I have developed a ratchet chandelier stop loss for ProRealTime.
It is developed as an indicator that "hangs" a set multiply of ATR below the recent highest HIGH. 
It includes a Rachet - it adds a small multiple of ATR each day after the Rachet was last reset by the indicator last falling within the range. 
This works on the concept of reducing your risk the longer you hold the stock. 
In the example shown below the initial setting is 1.9 * ATR - after 5 days this reduces to 1.75,  after 10 days to 1.6 and after 20 days 1.3 etc.

It is easy to change the various parameters. The settings shown below are for swing trading

Indicator (as an overlay onthe main chart)
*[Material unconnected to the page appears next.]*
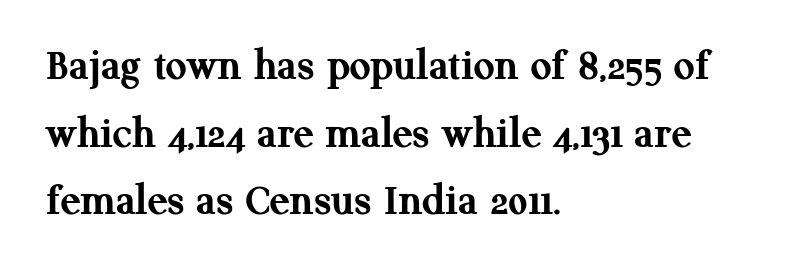
{"serif": "yes", "italic": "no", "bold": "yes", "weight": "semibold", "width": "normal", "stroke_contrast": "medium", "x_height": "medium", "monospaced": "no", "underline": "no", "align": "left", "line_spacing": "normal", "line_spacing_ratio": 1.47, "letter_spacing": "normal", "letter_spacing_em": 0.0, "glyph_px": 46}

myhigh = highest[3](high) - 1.9*(AverageTrueRange[5](close))
IF (mytot > low) THEN
	myx = 0
ELSE
	myx = myx + 0.03
ENDIF
myextra =  myx[1]*(AverageTrueRange[5](close))
mytot = myhigh +myextra
RETURN mytot

Cheers,

see previous thread 

https://www.aussiestockforums.com/forums/showthread.php?t=11818&highlight=Chandelier+exit


----------



## Wysiwyg (26 November 2009)

Rusty99 said:


> I have developed a ratchet chandelier stop loss for ProRealTime.
> In the example shown below the initial setting is 1.9 * ATR - after 5 days this reduces to 1.75,  after 10 days to 1.6 and after 20 days 1.3 etc.




I like this time ratcheting idea. Could this be added to an ATR trailing stop in Amibroker Formula Language or does anyone know of an existing formula to reduce the ATR multiplier after a set n days? 

Thanks.


----------



## peterbee (29 November 2009)

I'm not familiar with ProRealTime code, but I gather Rusty's code in effect decreases the ATR multiple, ie tightens the stop with time.  It is like a creeping time stop.  Or a parabolic stop.  

I'm curious about the logic of tightening the stop over time though.  If you are in a trend that's moving in your favour do you want to exit your position sooner?  Maybe it's better to ride the trend for longer -  and not tighten your stop so you can maximise the advantages of following the trend?


----------



## Wysiwyg (29 November 2009)

peterbee said:


> I'm not familiar with ProRealTime code, but I gather Rusty's code in effect decreases the ATR multiple, ie tightens the stop with time.  It is like a creeping time stop.  Or a parabolic stop.
> 
> I'm curious about the logic of tightening the stop over time though.  If you are in a trend that's moving in your favour do you want to exit your position sooner?  Maybe it's better to ride the trend for longer -  and not tighten your stop so you can maximise the advantages of following the trend?




All dependent upon strategy, the traders goals and risk aversion.  If anyone could guarantee a trend will continue up indefinitely then I would not bother with a trailing stop. 
The original posters suggestion is too tight for me and there are endless variables. Say a 5*ATR to 4*ATR to 3*ATR trailer adjusted every 3 months.

Like risk over time? Take wider options. Just a thought.


----------



## Wysiwyg (29 November 2009)

Wysiwyg said:


> All dependent upon strategy, the traders goals and risk aversion.



After losing nearly everything due to no strict stop loss rule (plus other misdemeanors) and giving up tens of thousands in profits over time due to no trailing stops, I have learned my lessons the hard way.


----------



## chubacca (29 December 2009)

Hey Rusty this is a very interesting formula do you mind if i upload it to wisestocktrader site?


----------